O((N/B) * log_{M/B}(N/B)) — optimal, matches external merge sort
Achieved without knowing M or B
Recursive structure ensures good cache behavior at every level

Van Emde Boas Layout

Cache-oblivious static search tree layout achieving O(log_B N) search I/Os.

Construction

Given a complete binary search tree of height h:

Split at height h/2 into a top tree and O(sqrt(N)) bottom trees
Recursively lay out the top tree, then each bottom tree
Concatenate in memory: top tree followed by bottom trees in order

Properties

Search follows a root-to-leaf path of length O(log N)
At each level of the recursive layout, the subtree fits in O(1) blocks once the subtree size drops below B
Search cost: O(log_B N) I/Os — optimal for comparison-based search
Static: no efficient updates; use cache-oblivious B-trees for dynamic version

Analysis Intuition

The path visits O(log N / log B) = O(log_B N) subtrees of size >= B. Each such subtree is stored contiguously, costing O(1) I/Os.

Cache-Oblivious B-Trees

Dynamic search structure supporting insertions and deletions.

Packed Memory Array (PMA)

Store N elements in sorted order in an array of size O(N)
Gaps between elements allow insertions
Maintain density invariants at each level of a virtual tree
Amortized O(log^2(N) / B) I/Os per update

Cache-Oblivious B-Tree (Bender-Demaine-Farach-Colton)

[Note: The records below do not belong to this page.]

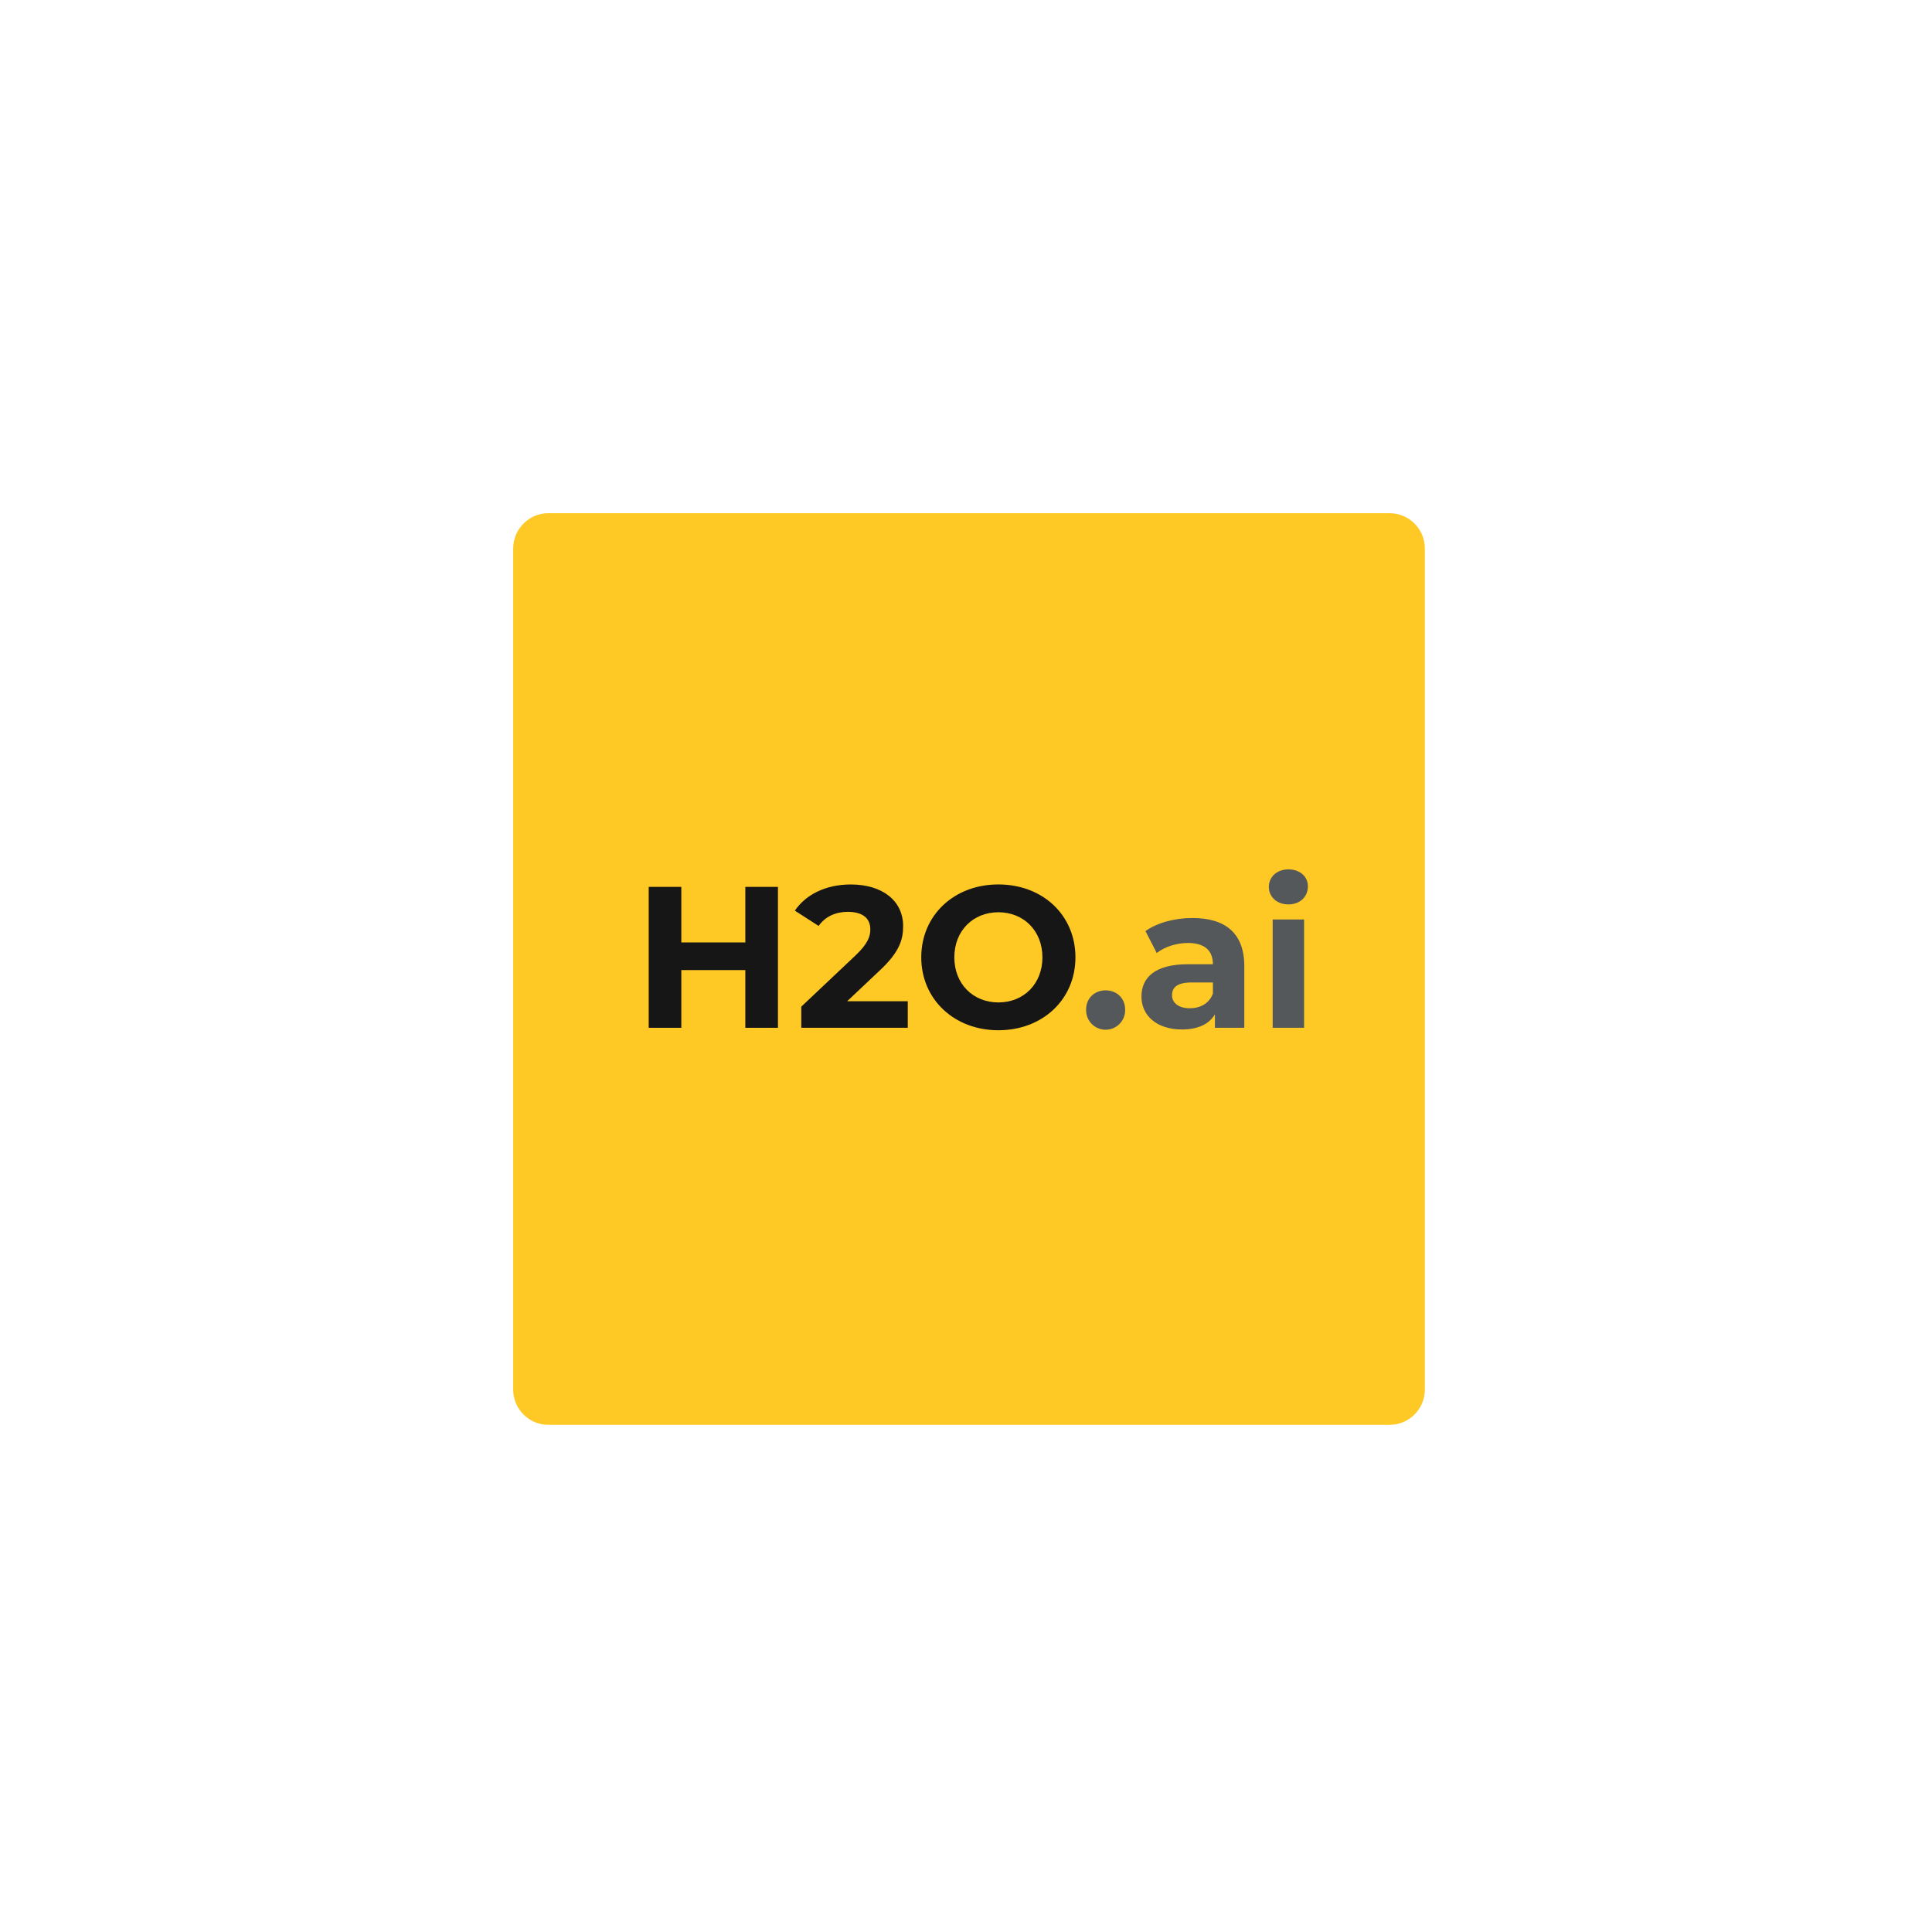 <svg width="320" height="320" viewBox="0 0 320 320" fill="none" xmlns="http://www.w3.org/2000/svg">
<path d="M230.154 85H90.846C87.617 85 85 87.617 85 90.846V230.154C85 233.383 87.617 236 90.846 236H230.154C233.383 236 236 233.383 236 230.154V90.846C236 87.617 233.383 85 230.154 85Z" fill="#FEC925"/>
<path d="M128.852 146.896V170.235H123.451V160.676H112.848V170.235H107.447V146.896H112.848V156.098H123.451V146.896H128.852Z" fill="#161616"/>
<path d="M150.354 165.833V170.235H132.718V166.733L141.718 158.231C143.786 156.264 144.153 155.064 144.153 153.932C144.153 152.098 142.896 151.032 140.418 151.032C138.418 151.032 136.718 151.786 135.586 153.363L131.651 150.83C133.45 148.197 136.718 146.496 140.918 146.496C146.12 146.496 149.587 149.163 149.587 153.399C149.587 155.663 148.953 157.73 145.685 160.766L140.32 165.833H150.354Z" fill="#161616"/>
<path d="M152.589 158.567C152.589 151.631 157.99 146.492 165.358 146.492C172.725 146.492 178.126 151.594 178.126 158.567C178.126 165.539 172.693 170.641 165.358 170.641C158.022 170.641 152.589 165.497 152.589 158.567ZM172.657 158.567C172.657 154.132 169.523 151.098 165.363 151.098C161.202 151.098 158.068 154.132 158.068 158.567C158.068 163.001 161.202 166.035 165.363 166.035C169.523 166.035 172.657 163.001 172.657 158.567Z" fill="#161616"/>
<path d="M179.892 167.233C179.892 165.299 181.326 164.031 183.124 164.031C184.923 164.031 186.359 165.289 186.359 167.233C186.371 167.666 186.297 168.096 186.139 168.499C185.982 168.902 185.746 169.269 185.445 169.579C185.143 169.889 184.783 170.135 184.384 170.304C183.986 170.472 183.558 170.559 183.126 170.559C182.693 170.559 182.265 170.472 181.867 170.304C181.468 170.135 181.108 169.889 180.806 169.579C180.505 169.269 180.269 168.902 180.112 168.499C179.955 168.096 179.88 167.666 179.892 167.233Z" fill="#54585A"/>
<path d="M206.096 160V170.235H201.229V168.012C200.263 169.644 198.394 170.512 195.76 170.512C191.559 170.512 189.059 168.178 189.059 165.076C189.059 161.909 191.292 159.708 196.761 159.708H200.894C200.894 157.477 199.561 156.186 196.761 156.186C194.862 156.186 192.895 156.818 191.594 157.852L189.725 154.219C191.692 152.818 194.593 152.051 197.46 152.051C202.929 152.031 206.096 154.564 206.096 160ZM200.894 164.568V162.729H197.327C194.895 162.729 194.127 163.627 194.127 164.83C194.127 166.128 195.227 166.995 197.06 166.995C198.794 167.006 200.295 166.201 200.894 164.568V164.568Z" fill="#54585A"/>
<path d="M210.16 146.896C210.16 145.264 211.461 143.996 213.395 143.996C215.329 143.996 216.63 145.196 216.63 146.796C216.63 148.529 215.329 149.797 213.395 149.797C211.461 149.797 210.16 148.529 210.16 146.896ZM210.794 152.297H215.996V170.235H210.794V152.297Z" fill="#54585A"/>
</svg>

Combine van Emde Boas layout tree (for search) with PMA (for ordered storage)
Search: O(log_B N) I/Os
Insert/Delete: O(log_B N + (log^2 N) / B) amortized I/Os
Range query: O(log_B N + K/B) I/Os

Comparison with B-Trees

Operation	B-Tree	CO B-Tree
Search	O(log_B N)	O(log_B N)
Insert	O(log_B N)	O(log_B N + log^2(N)/B) am.
Range	O(log_B N + K/B)	O(log_B N + K/B)
Knows M,B?	Yes	No

Cache-Oblivious Matrix Algorithms

Matrix Transpose

Recursive block decomposition:

Transpose(A, n):
    if n <= base: transpose directly
    Partition into 4 quadrants
    Recursively transpose each
    Swap off-diagonal quadrants

O(N/B) I/Os when M >= B^2 (tall cache)

Matrix Multiplication

Recursive 8-way divide-and-conquer:

O(N^3 / (B * sqrt(M))) I/Os — matches the lower bound
Automatically utilizes all cache levels

Practical Considerations

SSD vs HDD

HDD: large B (sequential is crucial), high seek time
SSD: smaller effective B, random reads nearly as fast as sequential
External memory algorithms still beneficial on SSDs for very large data

Real-World Systems

Database engines: B-tree indexes, external sort for ORDER BY
MapReduce / Spark: external shuffle is essentially external sorting
Operating systems: virtual memory paging follows I/O model principles

When to Use External Memory Algorithms

Data size exceeds available RAM
Multiple levels of cache hierarchy matter
Working with databases, large-scale analytics, scientific computing

Summary of I/O Complexities

Operation	I/O Complexity
Scan	O(N/B)
Sort	O((N/B) log_{M/B}(N/B))
Search (B-tree)	O(log_B N)
BFS	O(V + E/B) semi-external
Permute	O(min(N, sort(N)))
Priority Queue	O((1/B) log_{M/B}(N/B)) amortized

Summary

External memory algorithms are essential for processing data that exceeds RAM. The I/O model provides a clean framework for analyzing block transfer costs. B-trees and external merge sort are workhorses of database systems. Cache-oblivious algorithms elegantly achieve optimal performance without knowing hardware parameters. As data continues to grow faster than memory capacity, these techniques remain fundamental to systems design.